Even less disappointing was the moment last week when I finally discovered what “quadrivium” properly meant – it seems so obvious in retrospect. I wasn’t at all unhappy with the dictionary definition, to be fair to quadrivium, I’d just expected a little bit more, I suppose, and felt invisibly niggled for five or twenty minutes. Sigh. Gallingly, that’s all there is to say about these interest-averse disappointments. These things are, by their very nature, incredibly boring and meaningless. To cite further examples would kill me.

At least with your run of the mill feelings of disappointment there is an observable logic - a justification, even – behind them. You narrowly miss the bus (ach). You lose your wallet or job (ach). You read in the papers that the top scorer at your favourite football team – an absolutely terrific player – is a monstrous paedophile and must go to jail immediately, thus ruling him out for the rest of the season (damn).

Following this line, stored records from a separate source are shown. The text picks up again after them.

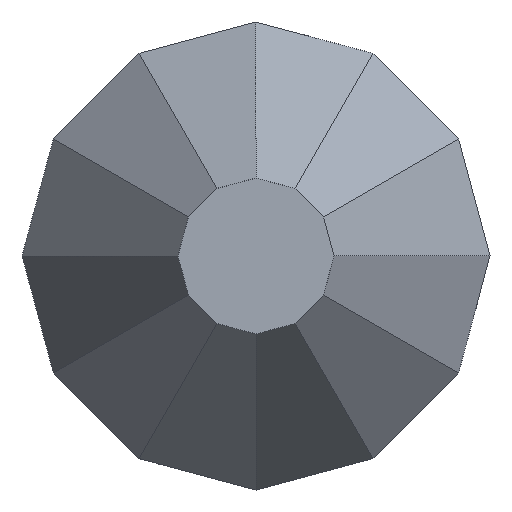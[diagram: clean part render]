
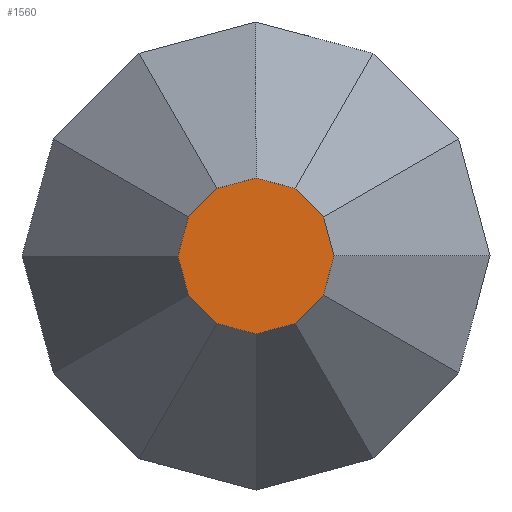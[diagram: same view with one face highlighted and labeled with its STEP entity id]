
A CAD part, front view. The second image highlights one B-rep face of the part: STEP entity #1560.
In plain terms, the highlighted planar face has unit normal (0, -1, 0).
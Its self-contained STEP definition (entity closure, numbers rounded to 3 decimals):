
#37=FACE_OUTER_BOUND('',#138,.T.);
#138=EDGE_LOOP('',(#1056,#1057,#1058,#1059,#1060,#1061,#1062,#1063,#1064,
#1065,#1066,#1067));
#231=LINE('',#2209,#449);
#234=LINE('',#2215,#452);
#237=LINE('',#2221,#455);
#240=LINE('',#2227,#458);
#243=LINE('',#2233,#461);
#246=LINE('',#2239,#464);
#249=LINE('',#2245,#467);
#252=LINE('',#2251,#470);
#255=LINE('',#2257,#473);
#258=LINE('',#2263,#476);
#261=LINE('',#2269,#479);
#264=LINE('',#2273,#482);
#449=VECTOR('',#1781,10.);
#452=VECTOR('',#1786,10.);
#455=VECTOR('',#1791,10.);
#458=VECTOR('',#1796,10.);
#461=VECTOR('',#1801,10.);
#464=VECTOR('',#1806,10.);
#467=VECTOR('',#1811,10.);
#470=VECTOR('',#1816,10.);
#473=VECTOR('',#1821,10.);
#476=VECTOR('',#1826,10.);
#479=VECTOR('',#1831,10.);
#482=VECTOR('',#1836,10.);
#667=VERTEX_POINT('',#2206);
#668=VERTEX_POINT('',#2208);
#670=VERTEX_POINT('',#2214);
#672=VERTEX_POINT('',#2220);
#674=VERTEX_POINT('',#2226);
#676=VERTEX_POINT('',#2232);
#678=VERTEX_POINT('',#2238);
#680=VERTEX_POINT('',#2244);
#682=VERTEX_POINT('',#2250);
#684=VERTEX_POINT('',#2256);
#686=VERTEX_POINT('',#2262);
#688=VERTEX_POINT('',#2268);
#790=EDGE_CURVE('',#668,#667,#231,.T.);
#793=EDGE_CURVE('',#670,#668,#234,.T.);
#796=EDGE_CURVE('',#672,#670,#237,.T.);
#799=EDGE_CURVE('',#674,#672,#240,.T.);
#802=EDGE_CURVE('',#676,#674,#243,.T.);
#805=EDGE_CURVE('',#678,#676,#246,.T.);
#808=EDGE_CURVE('',#680,#678,#249,.T.);
#811=EDGE_CURVE('',#682,#680,#252,.T.);
#814=EDGE_CURVE('',#684,#682,#255,.T.);
#817=EDGE_CURVE('',#686,#684,#258,.T.);
#820=EDGE_CURVE('',#688,#686,#261,.T.);
#823=EDGE_CURVE('',#667,#688,#264,.T.);
#1056=ORIENTED_EDGE('',*,*,#823,.T.);
#1057=ORIENTED_EDGE('',*,*,#820,.T.);
#1058=ORIENTED_EDGE('',*,*,#817,.T.);
#1059=ORIENTED_EDGE('',*,*,#814,.T.);
#1060=ORIENTED_EDGE('',*,*,#811,.T.);
#1061=ORIENTED_EDGE('',*,*,#808,.T.);
#1062=ORIENTED_EDGE('',*,*,#805,.T.);
#1063=ORIENTED_EDGE('',*,*,#802,.T.);
#1064=ORIENTED_EDGE('',*,*,#799,.T.);
#1065=ORIENTED_EDGE('',*,*,#796,.T.);
#1066=ORIENTED_EDGE('',*,*,#793,.T.);
#1067=ORIENTED_EDGE('',*,*,#790,.T.);
#1460=PLANE('',#1684);
#1560=ADVANCED_FACE('',(#37),#1460,.T.);
#1684=AXIS2_PLACEMENT_3D('',#2274,#1837,#1838);
#1781=DIRECTION('',(0.707,0.,-0.707));
#1786=DIRECTION('',(0.259,0.,-0.966));
#1791=DIRECTION('',(-0.259,0.,-0.966));
#1796=DIRECTION('',(-0.707,0.,-0.707));
#1801=DIRECTION('',(-0.966,0.,-0.259));
#1806=DIRECTION('',(-0.966,0.,0.259));
#1811=DIRECTION('',(-0.707,0.,0.707));
#1816=DIRECTION('',(-0.259,0.,0.966));
#1821=DIRECTION('',(0.259,0.,0.966));
#1826=DIRECTION('',(0.707,0.,0.707));
#1831=DIRECTION('',(0.966,0.,0.259));
#1836=DIRECTION('',(0.966,0.,-0.259));
#1837=DIRECTION('center_axis',(0.,-1.,0.));
#1838=DIRECTION('ref_axis',(0.,0.,-1.));
#2206=CARTESIAN_POINT('',(-1.5,-11.,-2.598));
#2208=CARTESIAN_POINT('',(-2.598,-11.,-1.5));
#2209=CARTESIAN_POINT('',(-2.598,-11.,-1.5));
#2214=CARTESIAN_POINT('',(-3.,-11.,0.));
#2215=CARTESIAN_POINT('',(-3.,-11.,0.));
#2220=CARTESIAN_POINT('',(-2.598,-11.,1.5));
#2221=CARTESIAN_POINT('',(-2.598,-11.,1.5));
#2226=CARTESIAN_POINT('',(-1.5,-11.,2.598));
#2227=CARTESIAN_POINT('',(-1.5,-11.,2.598));
#2232=CARTESIAN_POINT('',(0.,-11.,3.));
#2233=CARTESIAN_POINT('',(0.,-11.,3.));
#2238=CARTESIAN_POINT('',(1.5,-11.,2.598));
#2239=CARTESIAN_POINT('',(1.5,-11.,2.598));
#2244=CARTESIAN_POINT('',(2.598,-11.,1.5));
#2245=CARTESIAN_POINT('',(2.598,-11.,1.5));
#2250=CARTESIAN_POINT('',(3.,-11.,0.));
#2251=CARTESIAN_POINT('',(3.,-11.,0.));
#2256=CARTESIAN_POINT('',(2.598,-11.,-1.5));
#2257=CARTESIAN_POINT('',(2.598,-11.,-1.5));
#2262=CARTESIAN_POINT('',(1.5,-11.,-2.598));
#2263=CARTESIAN_POINT('',(1.5,-11.,-2.598));
#2268=CARTESIAN_POINT('',(0.,-11.,-3.));
#2269=CARTESIAN_POINT('',(0.,-11.,-3.));
#2273=CARTESIAN_POINT('',(-1.5,-11.,-2.598));
#2274=CARTESIAN_POINT('Origin',(0.,-11.,0.));
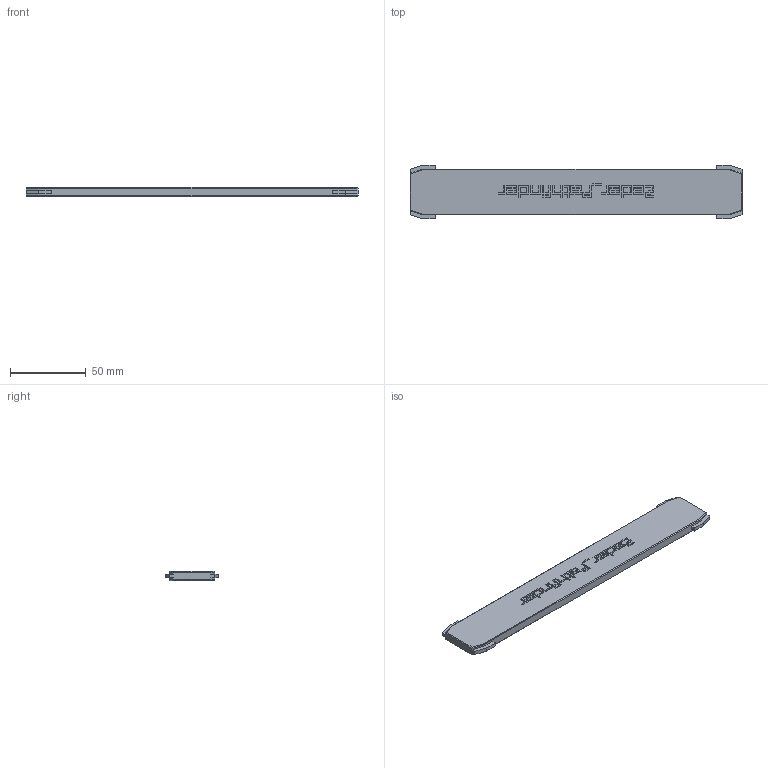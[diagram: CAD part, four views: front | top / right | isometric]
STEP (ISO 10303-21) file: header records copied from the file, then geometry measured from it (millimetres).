
FILE_DESCRIPTION(('HOOPS Exchange Step'),'2;1');
FILE_NAME('temp_export','2024-01-01T15:25:51+08:00',('mobile'),('Shapr3D Limited'),'HOOPS Exchange 2023.2','Shapr3D','Authorized');
FILE_SCHEMA( ('AUTOMOTIVE_DESIGN { 1 0 10303 214 1 1 1 1 }') );
Length unit declared in the file: millimetre
Products named in the file (1): root
Bounding box: 218.92 x 35.43 x 6 mm (x, y, z)
Volume: 39081.5 mm3; surface area: 17153.6 mm2
Topology: 1 solids, 1 shells, 353 faces, 930 edges, 616 vertices
Faces by surface type: plane 353
Entity records: 10672 total; most frequent: CARTESIAN_POINT 1900, ORIENTED_EDGE 1860, DIRECTION 1638, VECTOR 930, LINE 930, EDGE_CURVE 930, VERTEX_POINT 616, EDGE_LOOP 390
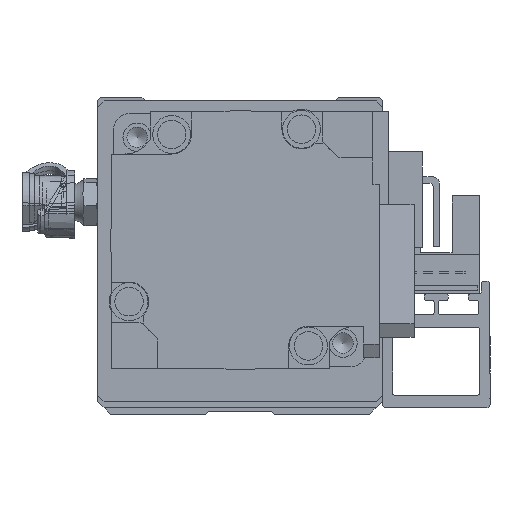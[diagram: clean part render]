
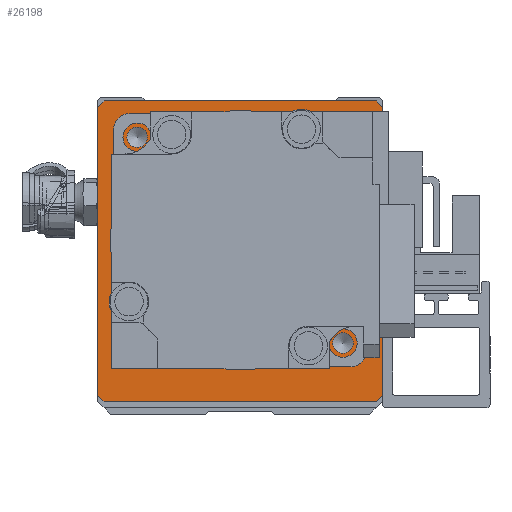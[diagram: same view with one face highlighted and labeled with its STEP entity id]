
A CAD part, front view. The second image highlights one B-rep face of the part: STEP entity #26198.
In plain terms, the highlighted planar face has unit normal (0, -1, 0).
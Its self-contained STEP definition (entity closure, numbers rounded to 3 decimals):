
#668=FACE_BOUND('',#4342,.T.);
#669=FACE_BOUND('',#4343,.T.);
#670=FACE_BOUND('',#4344,.T.);
#671=FACE_BOUND('',#4345,.T.);
#672=FACE_BOUND('',#4346,.T.);
#673=FACE_BOUND('',#4347,.T.);
#674=FACE_BOUND('',#4348,.T.);
#675=FACE_BOUND('',#4349,.T.);
#676=FACE_BOUND('',#4350,.T.);
#1305=PLANE('',#28402);
#2705=FACE_OUTER_BOUND('',#4341,.T.);
#4341=EDGE_LOOP('',(#19533,#19534,#19535,#19536,#19537,#19538,#19539,#19540));
#4342=EDGE_LOOP('',(#19541));
#4343=EDGE_LOOP('',(#19542));
#4344=EDGE_LOOP('',(#19543));
#4345=EDGE_LOOP('',(#19544));
#4346=EDGE_LOOP('',(#19545));
#4347=EDGE_LOOP('',(#19546));
#4348=EDGE_LOOP('',(#19547));
#4349=EDGE_LOOP('',(#19548));
#4350=EDGE_LOOP('',(#19549));
#6231=LINE('',#40647,#8359);
#6240=LINE('',#40700,#8368);
#6242=LINE('',#40704,#8370);
#6269=LINE('',#40804,#8397);
#6271=LINE('',#40807,#8399);
#6273=LINE('',#40811,#8401);
#6275=LINE('',#40815,#8403);
#6276=LINE('',#40817,#8404);
#8359=VECTOR('',#32394,10.);
#8368=VECTOR('',#32425,10.);
#8370=VECTOR('',#32429,10.);
#8397=VECTOR('',#32546,10.);
#8399=VECTOR('',#32550,10.);
#8401=VECTOR('',#32554,10.);
#8403=VECTOR('',#32558,10.);
#8404=VECTOR('',#32561,10.);
#10309=CIRCLE('',#28362,1.621);
#10311=CIRCLE('',#28366,1.621);
#10313=CIRCLE('',#28370,1.621);
#10315=CIRCLE('',#28374,1.621);
#10318=CIRCLE('',#28382,3.);
#10319=CIRCLE('',#28385,3.);
#10320=CIRCLE('',#28388,3.);
#10321=CIRCLE('',#28391,3.);
#10322=CIRCLE('',#28394,15.);
#12011=VERTEX_POINT('',#40644);
#12012=VERTEX_POINT('',#40646);
#12019=VERTEX_POINT('',#40698);
#12020=VERTEX_POINT('',#40702);
#12027=VERTEX_POINT('',#40725);
#12030=VERTEX_POINT('',#40734);
#12033=VERTEX_POINT('',#40743);
#12036=VERTEX_POINT('',#40752);
#12041=VERTEX_POINT('',#40770);
#12042=VERTEX_POINT('',#40776);
#12043=VERTEX_POINT('',#40782);
#12044=VERTEX_POINT('',#40788);
#12045=VERTEX_POINT('',#40794);
#12047=VERTEX_POINT('',#40801);
#12048=VERTEX_POINT('',#40803);
#12049=VERTEX_POINT('',#40809);
#12050=VERTEX_POINT('',#40813);
#14787=EDGE_CURVE('',#12011,#12012,#6231,.T.);
#14802=EDGE_CURVE('',#12019,#12011,#6240,.T.);
#14804=EDGE_CURVE('',#12020,#12019,#6242,.T.);
#14813=EDGE_CURVE('',#12027,#12027,#10309,.T.);
#14817=EDGE_CURVE('',#12030,#12030,#10311,.T.);
#14821=EDGE_CURVE('',#12033,#12033,#10313,.T.);
#14825=EDGE_CURVE('',#12036,#12036,#10315,.T.);
#14833=EDGE_CURVE('',#12041,#12041,#10318,.T.);
#14836=EDGE_CURVE('',#12042,#12042,#10319,.T.);
#14839=EDGE_CURVE('',#12043,#12043,#10320,.T.);
#14842=EDGE_CURVE('',#12044,#12044,#10321,.T.);
#14845=EDGE_CURVE('',#12045,#12045,#10322,.T.);
#14849=EDGE_CURVE('',#12047,#12048,#6269,.T.);
#14851=EDGE_CURVE('',#12012,#12047,#6271,.T.);
#14853=EDGE_CURVE('',#12049,#12020,#6273,.T.);
#14855=EDGE_CURVE('',#12050,#12049,#6275,.T.);
#14856=EDGE_CURVE('',#12048,#12050,#6276,.T.);
#19533=ORIENTED_EDGE('',*,*,#14856,.F.);
#19534=ORIENTED_EDGE('',*,*,#14849,.F.);
#19535=ORIENTED_EDGE('',*,*,#14851,.F.);
#19536=ORIENTED_EDGE('',*,*,#14787,.F.);
#19537=ORIENTED_EDGE('',*,*,#14802,.F.);
#19538=ORIENTED_EDGE('',*,*,#14804,.F.);
#19539=ORIENTED_EDGE('',*,*,#14853,.F.);
#19540=ORIENTED_EDGE('',*,*,#14855,.F.);
#19541=ORIENTED_EDGE('',*,*,#14813,.T.);
#19542=ORIENTED_EDGE('',*,*,#14817,.T.);
#19543=ORIENTED_EDGE('',*,*,#14821,.T.);
#19544=ORIENTED_EDGE('',*,*,#14825,.T.);
#19545=ORIENTED_EDGE('',*,*,#14833,.T.);
#19546=ORIENTED_EDGE('',*,*,#14836,.T.);
#19547=ORIENTED_EDGE('',*,*,#14839,.T.);
#19548=ORIENTED_EDGE('',*,*,#14842,.T.);
#19549=ORIENTED_EDGE('',*,*,#14845,.T.);
#26198=ADVANCED_FACE('',(#2705,#668,#669,#670,#671,#672,#673,#674,#675,
#676),#1305,.F.);
#28362=AXIS2_PLACEMENT_3D('',#40726,#32453,#32454);
#28366=AXIS2_PLACEMENT_3D('',#40735,#32463,#32464);
#28370=AXIS2_PLACEMENT_3D('',#40744,#32473,#32474);
#28374=AXIS2_PLACEMENT_3D('',#40753,#32483,#32484);
#28382=AXIS2_PLACEMENT_3D('',#40771,#32504,#32505);
#28385=AXIS2_PLACEMENT_3D('',#40777,#32512,#32513);
#28388=AXIS2_PLACEMENT_3D('',#40783,#32520,#32521);
#28391=AXIS2_PLACEMENT_3D('',#40789,#32528,#32529);
#28394=AXIS2_PLACEMENT_3D('',#40795,#32536,#32537);
#28402=AXIS2_PLACEMENT_3D('',#40818,#32562,#32563);
#32394=DIRECTION('',(-1.,0.,0.));
#32425=DIRECTION('',(-0.707,0.,-0.707));
#32429=DIRECTION('',(0.,0.,-1.));
#32453=DIRECTION('center_axis',(0.,1.,0.));
#32454=DIRECTION('ref_axis',(1.,0.,0.));
#32463=DIRECTION('center_axis',(0.,1.,0.));
#32464=DIRECTION('ref_axis',(1.,0.,0.));
#32473=DIRECTION('center_axis',(0.,1.,0.));
#32474=DIRECTION('ref_axis',(1.,0.,0.));
#32483=DIRECTION('center_axis',(0.,1.,0.));
#32484=DIRECTION('ref_axis',(1.,0.,0.));
#32504=DIRECTION('center_axis',(0.,1.,0.));
#32505=DIRECTION('ref_axis',(1.,0.,0.));
#32512=DIRECTION('center_axis',(0.,1.,0.));
#32513=DIRECTION('ref_axis',(1.,0.,0.));
#32520=DIRECTION('center_axis',(0.,1.,0.));
#32521=DIRECTION('ref_axis',(1.,0.,0.));
#32528=DIRECTION('center_axis',(0.,1.,0.));
#32529=DIRECTION('ref_axis',(1.,0.,0.));
#32536=DIRECTION('center_axis',(0.,1.,0.));
#32537=DIRECTION('ref_axis',(-1.,0.,0.));
#32546=DIRECTION('',(0.,0.,1.));
#32550=DIRECTION('',(-0.707,0.,0.707));
#32554=DIRECTION('',(0.707,0.,-0.707));
#32558=DIRECTION('',(1.,0.,0.));
#32561=DIRECTION('',(0.707,0.,0.707));
#32562=DIRECTION('center_axis',(0.,1.,0.));
#32563=DIRECTION('ref_axis',(0.,0.,1.));
#40644=CARTESIAN_POINT('',(44.,0.,0.));
#40646=CARTESIAN_POINT('',(1.,0.,0.));
#40647=CARTESIAN_POINT('',(44.,0.,0.));
#40698=CARTESIAN_POINT('',(45.,0.,1.));
#40700=CARTESIAN_POINT('',(45.,0.,1.));
#40702=CARTESIAN_POINT('',(45.,0.,46.5));
#40704=CARTESIAN_POINT('',(45.,0.,46.5));
#40725=CARTESIAN_POINT('',(37.142,0.,9.237));
#40726=CARTESIAN_POINT('Origin',(38.763,0.,9.237));
#40734=CARTESIAN_POINT('',(4.616,0.,41.763));
#40735=CARTESIAN_POINT('Origin',(6.237,0.,41.763));
#40743=CARTESIAN_POINT('',(37.142,0.,41.763));
#40744=CARTESIAN_POINT('Origin',(38.763,0.,41.763));
#40752=CARTESIAN_POINT('',(4.616,0.,9.237));
#40753=CARTESIAN_POINT('Origin',(6.237,0.,9.237));
#40770=CARTESIAN_POINT('',(36.5,0.,17.));
#40771=CARTESIAN_POINT('Origin',(39.5,0.,17.));
#40776=CARTESIAN_POINT('',(2.5,0.,34.));
#40777=CARTESIAN_POINT('Origin',(5.5,0.,34.));
#40782=CARTESIAN_POINT('',(36.5,0.,34.));
#40783=CARTESIAN_POINT('Origin',(39.5,0.,34.));
#40788=CARTESIAN_POINT('',(2.5,0.,17.));
#40789=CARTESIAN_POINT('Origin',(5.5,0.,17.));
#40794=CARTESIAN_POINT('',(37.5,0.,25.5));
#40795=CARTESIAN_POINT('Origin',(22.5,0.,25.5));
#40801=CARTESIAN_POINT('',(0.,0.,1.));
#40803=CARTESIAN_POINT('',(0.,0.,46.5));
#40804=CARTESIAN_POINT('',(0.,0.,1.));
#40807=CARTESIAN_POINT('',(1.,0.,0.));
#40809=CARTESIAN_POINT('',(44.,0.,47.5));
#40811=CARTESIAN_POINT('',(44.,0.,47.5));
#40813=CARTESIAN_POINT('',(1.,0.,47.5));
#40815=CARTESIAN_POINT('',(1.,0.,47.5));
#40817=CARTESIAN_POINT('',(0.,0.,46.5));
#40818=CARTESIAN_POINT('Origin',(22.5,0.,23.75));

These disappointments make sense. You can hold your head down low, safe in the knowledge that your feelings are entirely explicable.

This mosaic of minor indignities, fixing on our skins like so many shards of a jabbing disgruntlement, is grouted with temporal shame. But that’s fine. It’s only when you allow these atomised setbacks to feel larger than hope itself that the trouble may really begin. So, you know, be careful my gentle souls.

Ach. I wanted to talk about massive disappointments, as well, the kind that everyone will recognise – you may even be one of them yourself – but I’m clean out of a quite shocking brilliance.

Look, I know you won’t believe it, but you’re going to miss the hell out of me when I leave this place for good – no, I insist. So smarten up and pay attention while it lasts. This is your last warning.